Margens do produtor em maior nível desde 2024
Os preços do leite ao produtor continuam em trajetória positiva no terceiro trimestre de 2026. Após iniciarem o ano próximos de R$ 2,00 por litro, os preços referentes a junho, pagos em julho, atingiram R$ 2,75 por litro, valor 3,9% superior ao registrado em junho de 2025, embora ligeiramente inferior em termos reais. Uma oferta menos pujante permitiu uma recuperação moderada dos preços ao produtor durante a primeira metade de 2026. Considerando o desempenho do primeiro semestre e as projeções para o restante do ano, espera-se que a produção formal encerre 2026 próxima da estabilidade em relação a 2025, quando foram captados 27,5 bilhões de litros.
As margens dos produtores continuam se recuperando, impulsionadas pela elevação dos preços e pela manutenção dos custos sob controle. Dados do MilkPoint Mercado indicam que o indicador de renda menos custo de alimentação atingiu seu menor nível em janeiro, chegando a R$ 23,30 por vaca/dia, em valores ajustados pela inflação. Em julho, o indicador subiu para R$ 38,10 por vaca/dia. O patamar atual supera o maior nível registrado nos últimos 18 meses e evidencia uma recuperação relevante das margens dos produtores.
Em relação à demanda doméstica, os indicadores econômicos continuam apontando para um crescimento moderado da atividade econômica, com expectativa de expansão do PIB de 1,8% em 2026 e taxa de desemprego próxima de 6%. Entretanto, dados da Embrapa, por meio do Observatório do Consumidor, mostram que as vendas de lácteos recuaram 5,0% em volume e 2,2% em valor no primeiro semestre de 2026 em comparação com o mesmo período de 2025. Os elevados níveis de endividamento das famílias e a inflação ainda pressionada permanecem como fatores de preocupação e podem continuar limitando o consumo de alimentos ao longo do restante do ano.

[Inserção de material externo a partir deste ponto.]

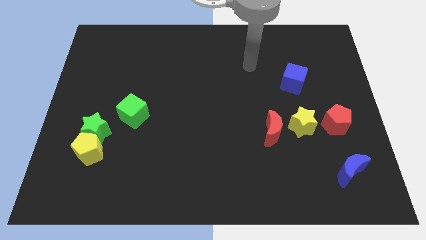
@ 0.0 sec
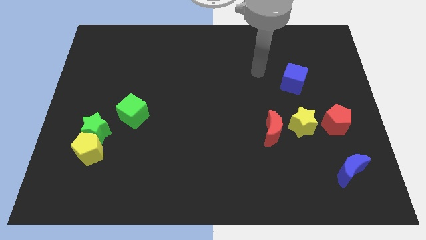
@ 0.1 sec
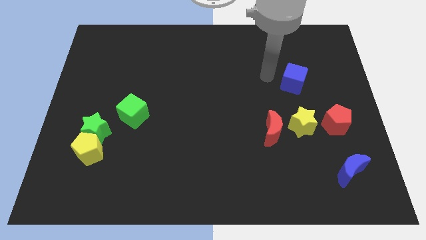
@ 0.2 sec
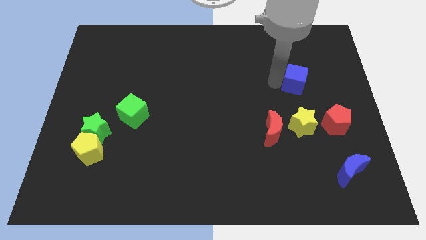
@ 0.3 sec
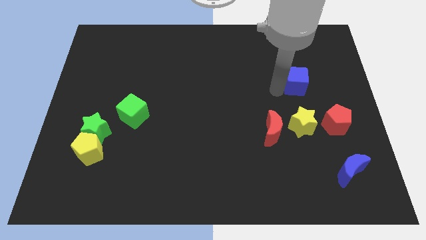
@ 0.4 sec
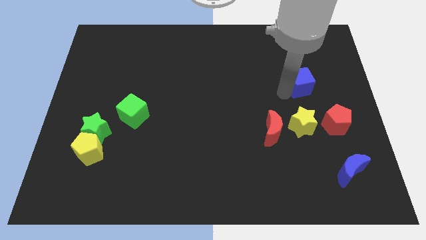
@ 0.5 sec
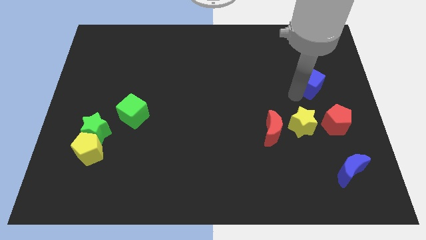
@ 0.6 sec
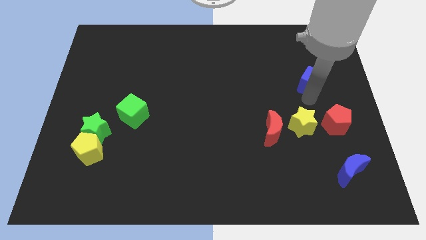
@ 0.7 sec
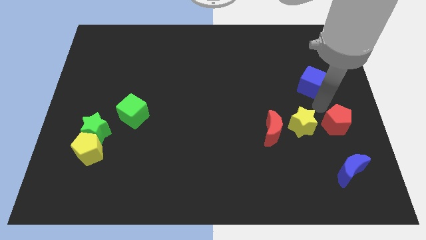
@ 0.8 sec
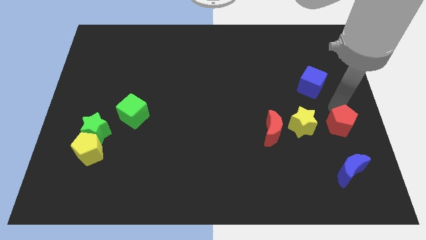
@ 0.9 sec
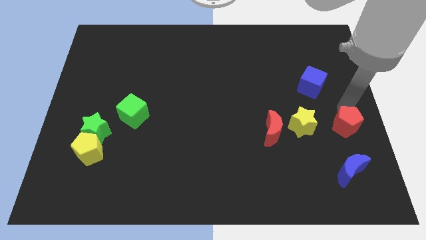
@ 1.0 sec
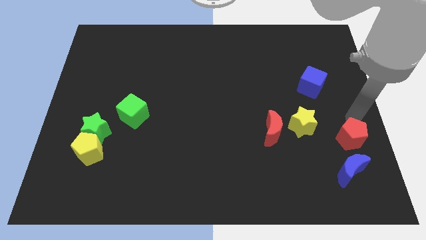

As importações de lácteos também devem permanecer elevadas até o final de 2026. Os preços internacionais ainda em patamares moderados, combinados com preços domésticos mais altos em função da menor oferta interna, tendem a sustentar a competitividade dos produtos importados.
A maior volatilidade cambial esperada com a aproximação do ciclo eleitoral pode reduzir parcialmente essa competitividade. Ainda assim, nos níveis atuais, o câmbio não parece ser um fator determinante para alterar significativamente o fluxo de importações.
Pontos de Atenção:
A piora da situação econômica do consumidor brasileiro, por causa da inflação elevada e renda real em queda nos últimos três meses, pode enfraquecer as vendas no restante do ano.